What the exercise asks -
Output the records below verbatim, minus the pictures.

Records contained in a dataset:
++++
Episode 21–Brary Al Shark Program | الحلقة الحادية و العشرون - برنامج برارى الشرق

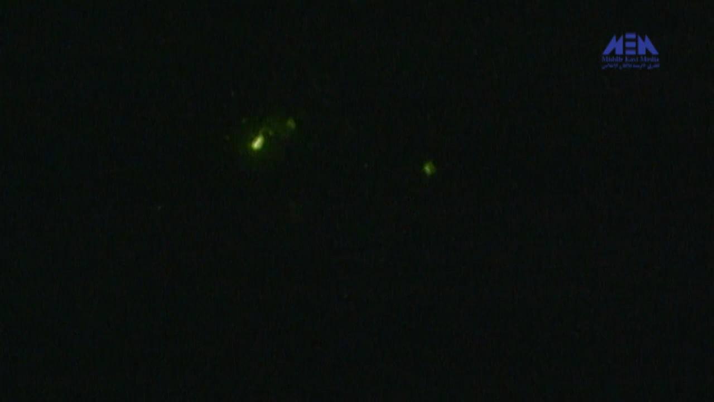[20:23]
تلمع الأضواء في الظلام من مصدر غير معروف.
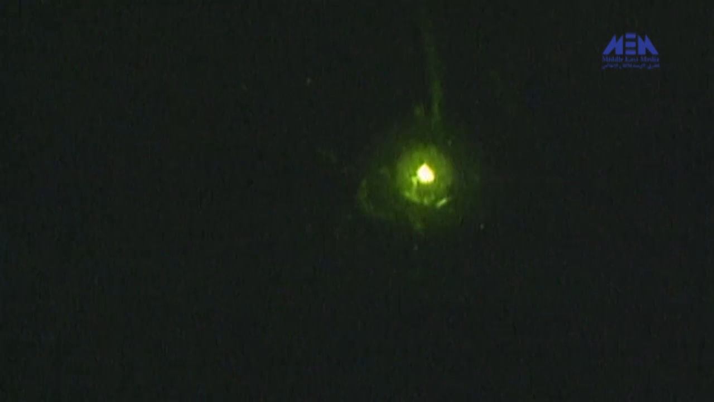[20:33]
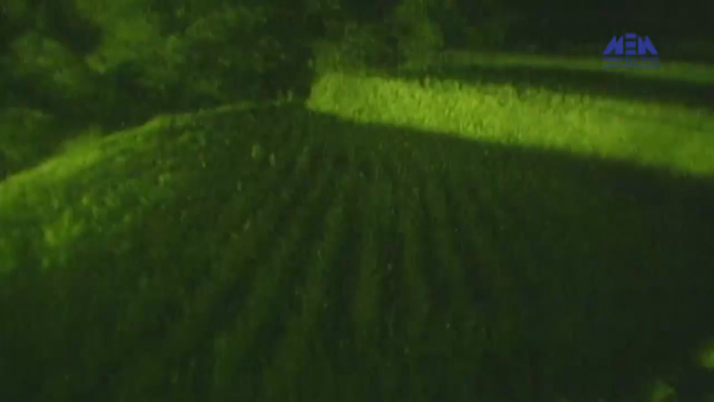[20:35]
تتلألأ أمضات لا تحصى في الحقل. إنها اليراعة التي تعيش في حقل الأرز وقنوات الري.
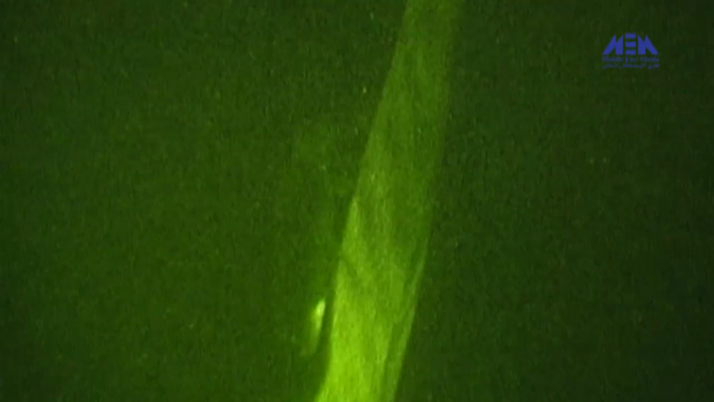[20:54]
يستمر الذكر في الوميض باحثا عن أنثى.
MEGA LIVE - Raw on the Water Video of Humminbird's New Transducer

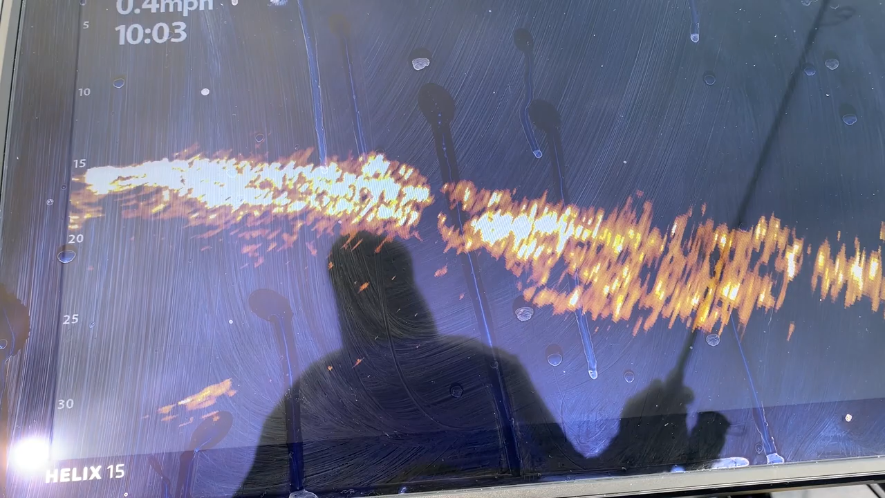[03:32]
On screen: speed 0.4 mph
rather than in automatic mode, because you can lose information that would be important to you at certain times as it shifts.
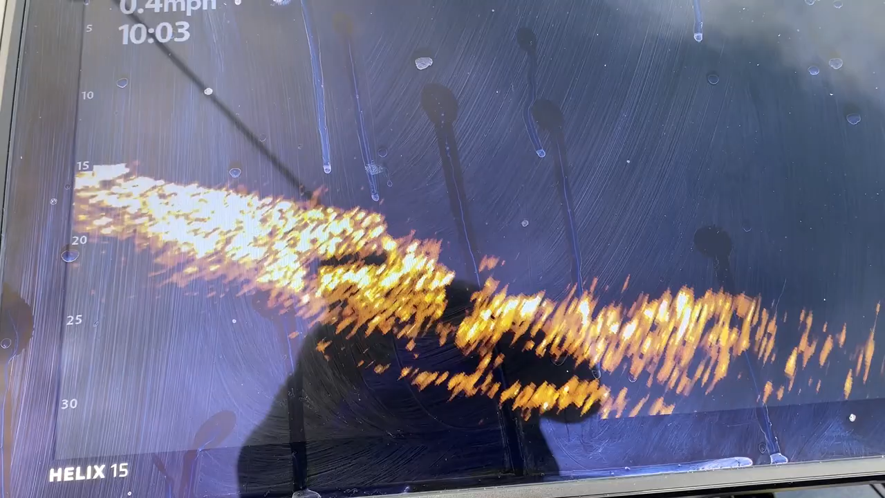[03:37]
This does a fairly decent job of keeping the bottom in the picture at all times.
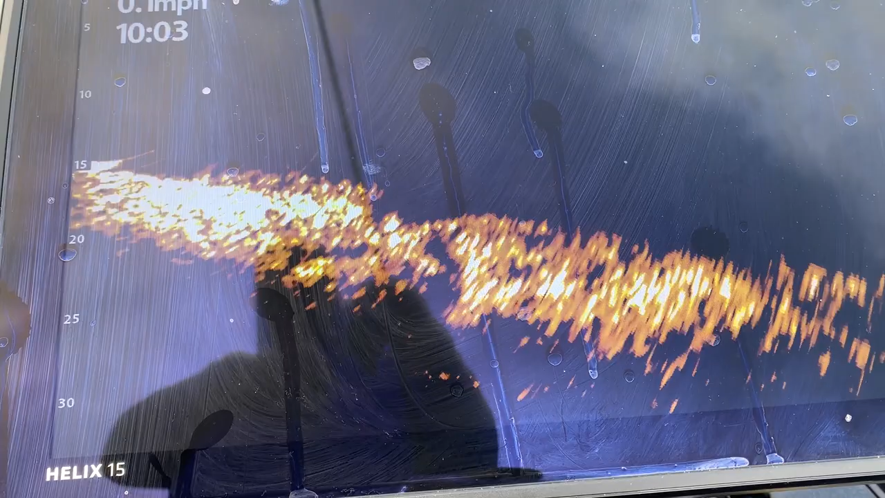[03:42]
There's a few instances where it doesn't, and you would benefit from using it in a manual mode, in my opinion.
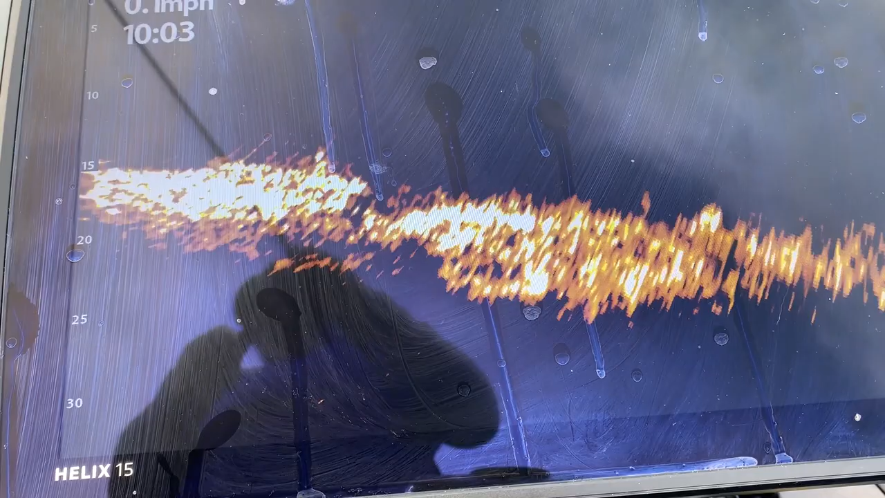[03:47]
In that case there, we're just panning up the drop-off.
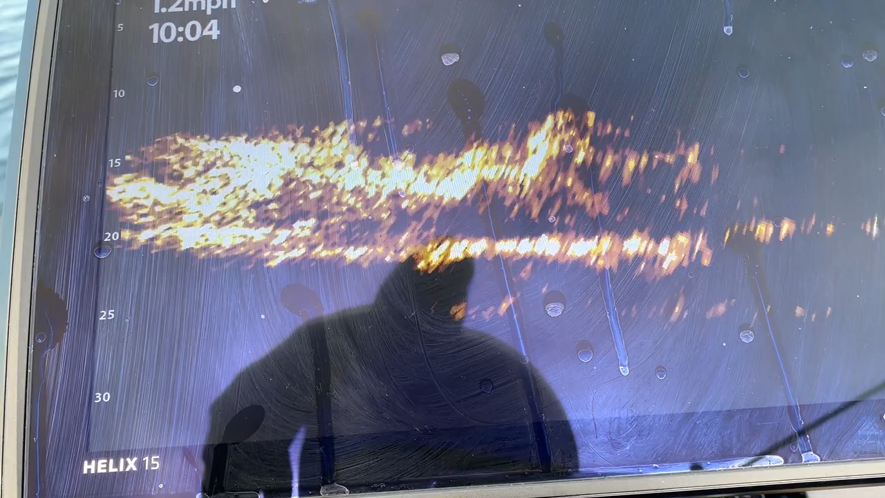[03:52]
And you can really see again here, we're getting into an area with some of that rock outcropping.
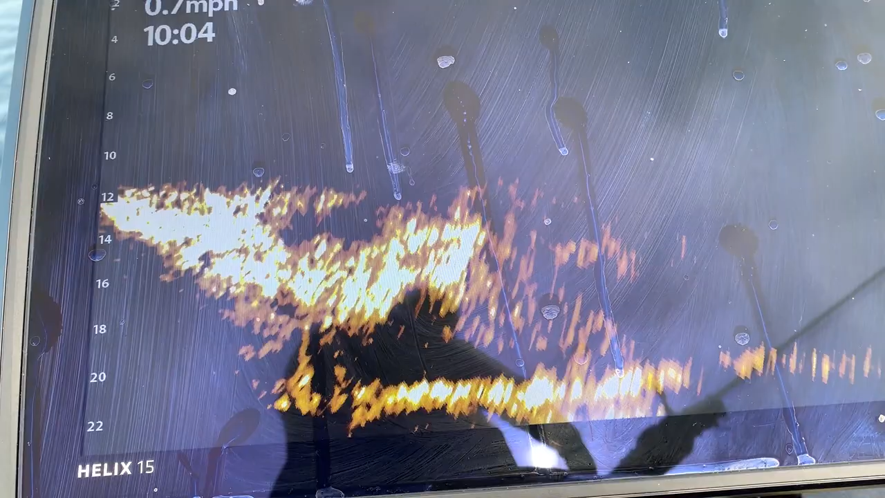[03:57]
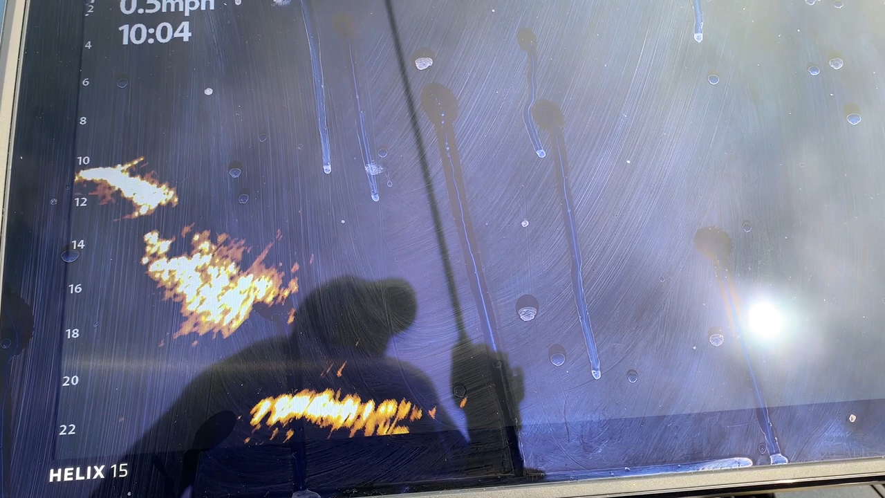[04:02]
You can see those dead spots I was kind of talking about,
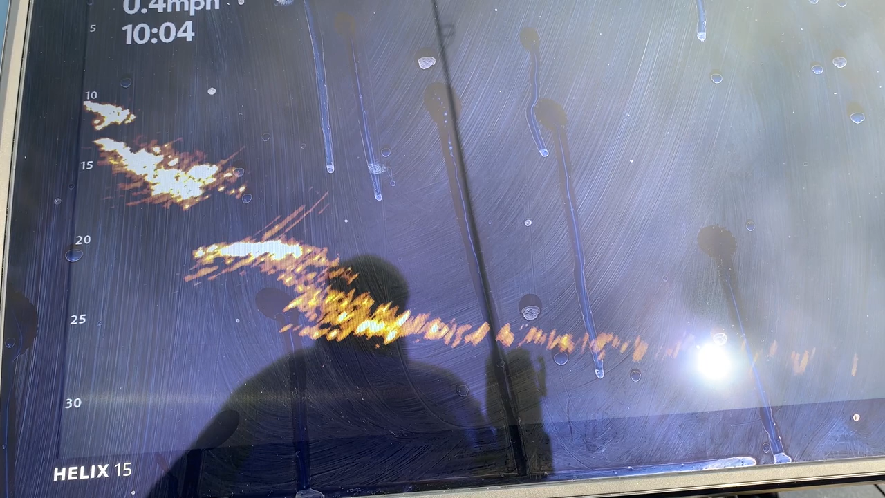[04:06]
and that's just because of a rock outcropping based on the beam of the transducer, just can't look behind those rocks, which is very typical, like I say, with any type of sonar.
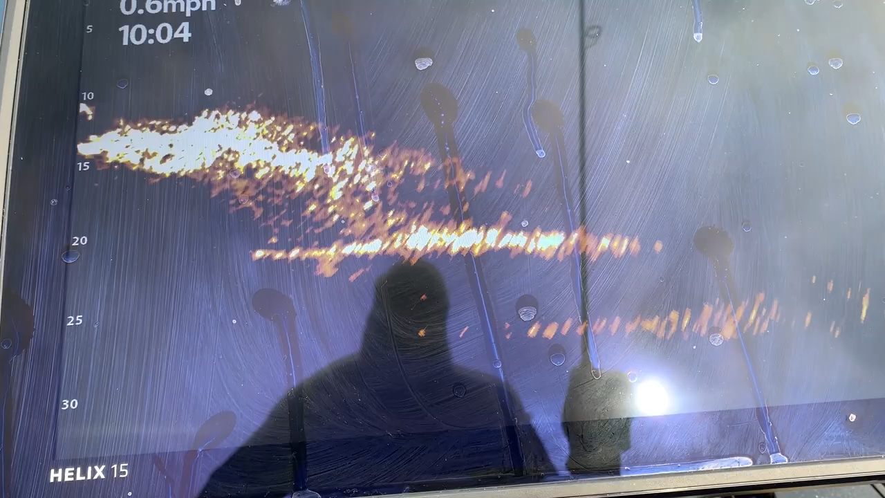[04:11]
On screen: speed 0.6 mph
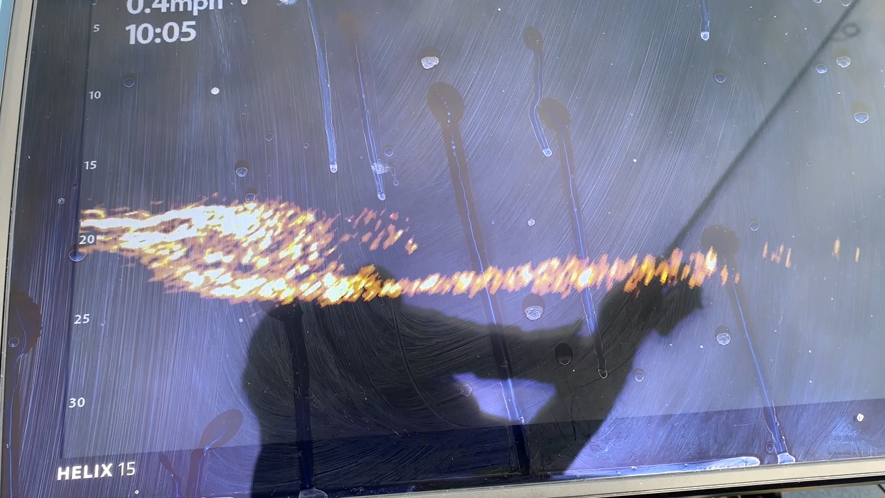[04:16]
The other nice thing Hummingbird did with this is really design a good mounting system.
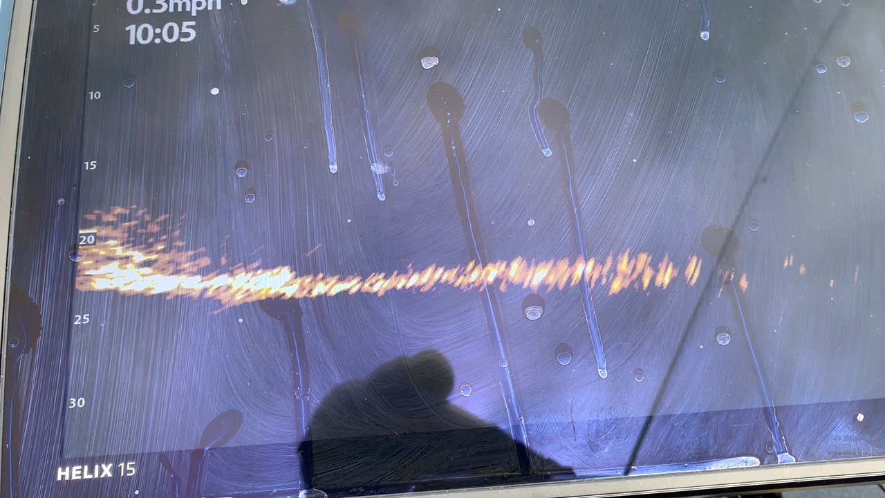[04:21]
So the forward and down view is very nice and compact, close to the trolling motor shaft.
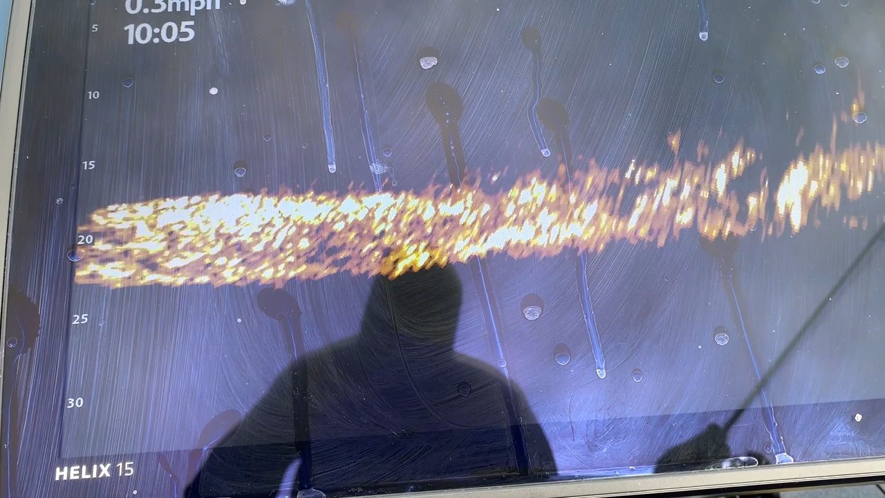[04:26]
And then their overhead view, which is like the perspective mode or the scout mode on the other brands,
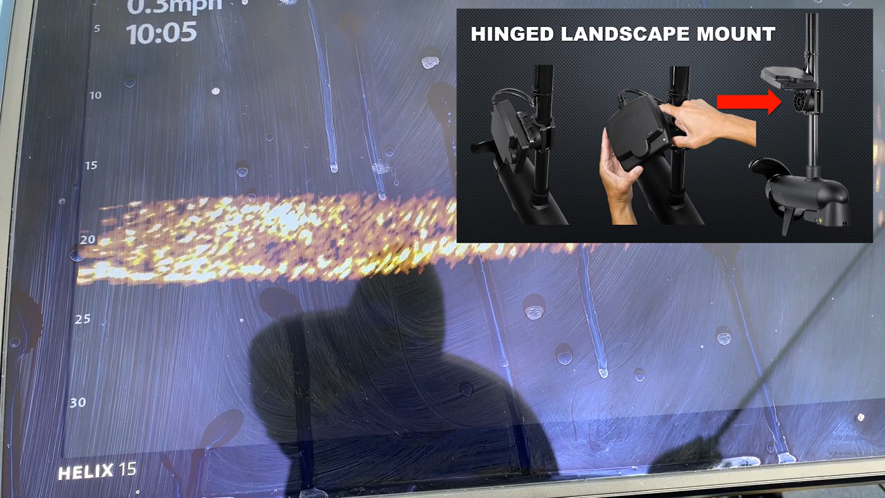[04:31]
it's actually just, there's two buttons that push in on the mount, and then the transducer just rotates into that position, and it keeps it very close to the trolling motor shaft, which is nice, because some of the other ones do get it a little bit further away.
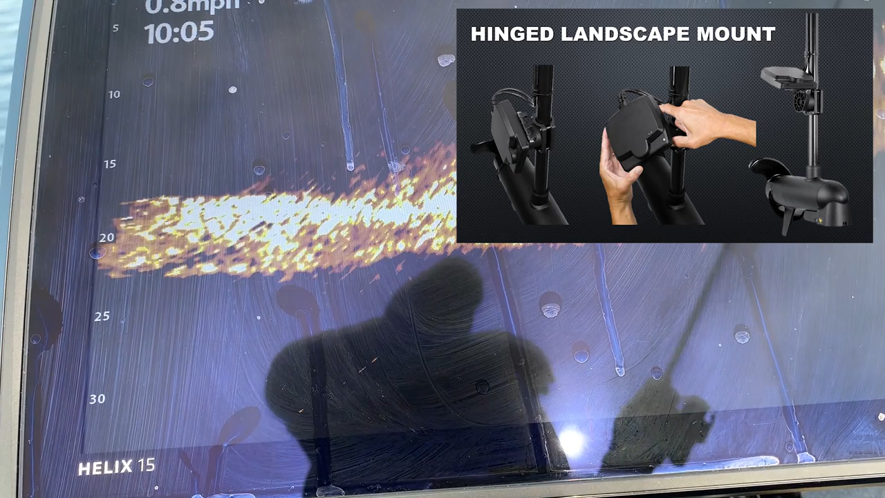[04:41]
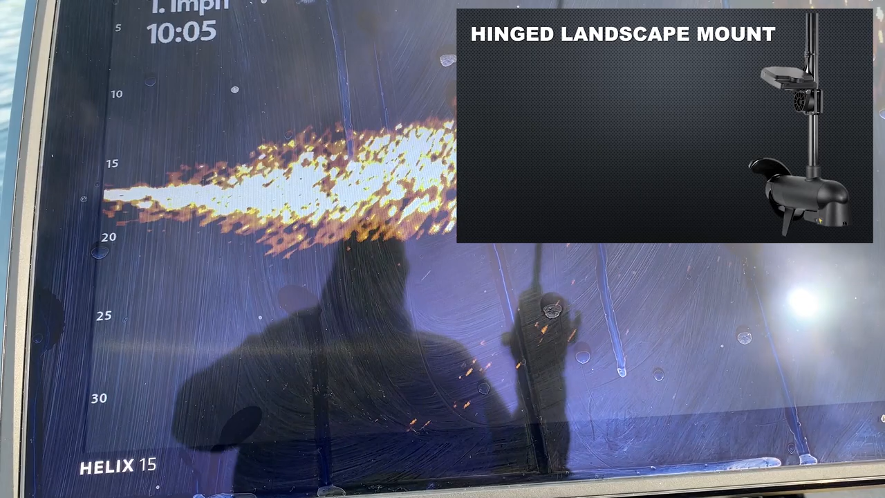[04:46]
You know, so if you do have those different mounts on the, and you are going to be using them, the Megalive definitely is the most advanced mounting system.
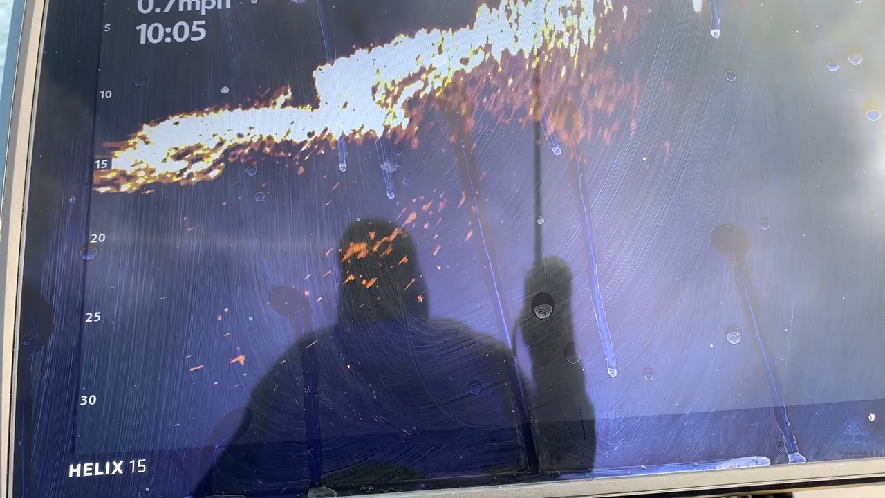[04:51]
And here, there you can clearly see a couple boulders.
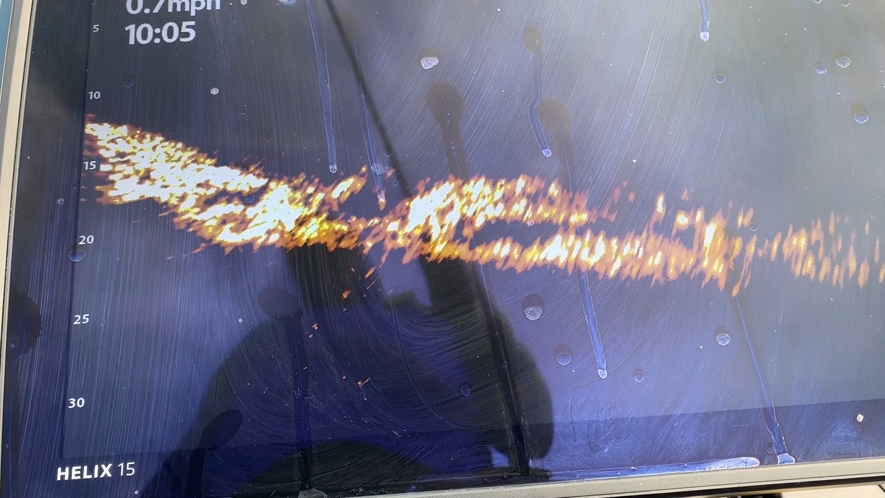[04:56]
And again, we're just looking kind of like side imaging, we're just looking for the shadow to really kind of give you an idea of what you're looking at.
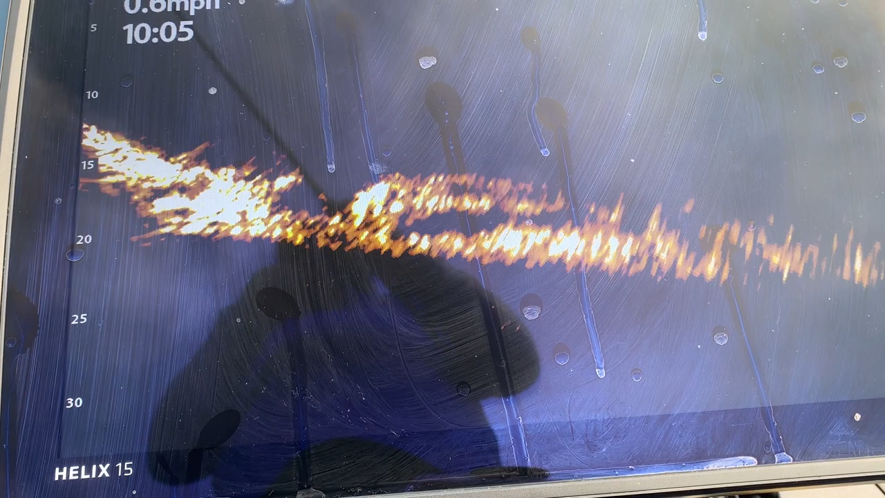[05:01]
You can see the face of the boulder is the strongest signal, it's that very, very strong return. And then it kind of just tapers out from there.
++++
Response to the exercise -
Episode 21–Brary Al Shark Program | الحلقة الحادية و العشرون - برنامج برارى الشرق

[20:23]
تلمع الأضواء في الظلام من مصدر غير معروف.
[20:33]
[20:35]
تتلألأ أمضات لا تحصى في الحقل. إنها اليراعة التي تعيش في حقل الأرز وقنوات الري.
[20:54]
يستمر الذكر في الوميض باحثا عن أنثى.
MEGA LIVE - Raw on the Water Video of Humminbird's New Transducer

[03:32]
On screen: speed 0.4 mph
rather than in automatic mode, because you can lose information that would be important to you at certain times as it shifts.
[03:37]
This does a fairly decent job of keeping the bottom in the picture at all times.
[03:42]
There's a few instances where it doesn't, and you would benefit from using it in a manual mode, in my opinion.
[03:47]
In that case there, we're just panning up the drop-off.
[03:52]
And you can really see again here, we're getting into an area with some of that rock outcropping.
[03:57]
[04:02]
You can see those dead spots I was kind of talking about,
[04:06]
and that's just because of a rock outcropping based on the beam of the transducer, just can't look behind those rocks, which is very typical, like I say, with any type of sonar.
[04:11]
On screen: speed 0.6 mph
[04:16]
The other nice thing Hummingbird did with this is really design a good mounting system.
[04:21]
So the forward and down view is very nice and compact, close to the trolling motor shaft.
[04:26]
And then their overhead view, which is like the perspective mode or the scout mode on the other brands,
[04:31]
it's actually just, there's two buttons that push in on the mount, and then the transducer just rotates into that position, and it keeps it very close to the trolling motor shaft, which is nice, because some of the other ones do get it a little bit further away.
[04:41]
[04:46]
You know, so if you do have those different mounts on the, and you are going to be using them, the Megalive definitely is the most advanced mounting system.
[04:51]
And here, there you can clearly see a couple boulders.
[04:56]
And again, we're just looking kind of like side imaging, we're just looking for the shadow to really kind of give you an idea of what you're looking at.
[05:01]
You can see the face of the boulder is the strongest signal, it's that very, very strong return. And then it kind of just tapers out from there.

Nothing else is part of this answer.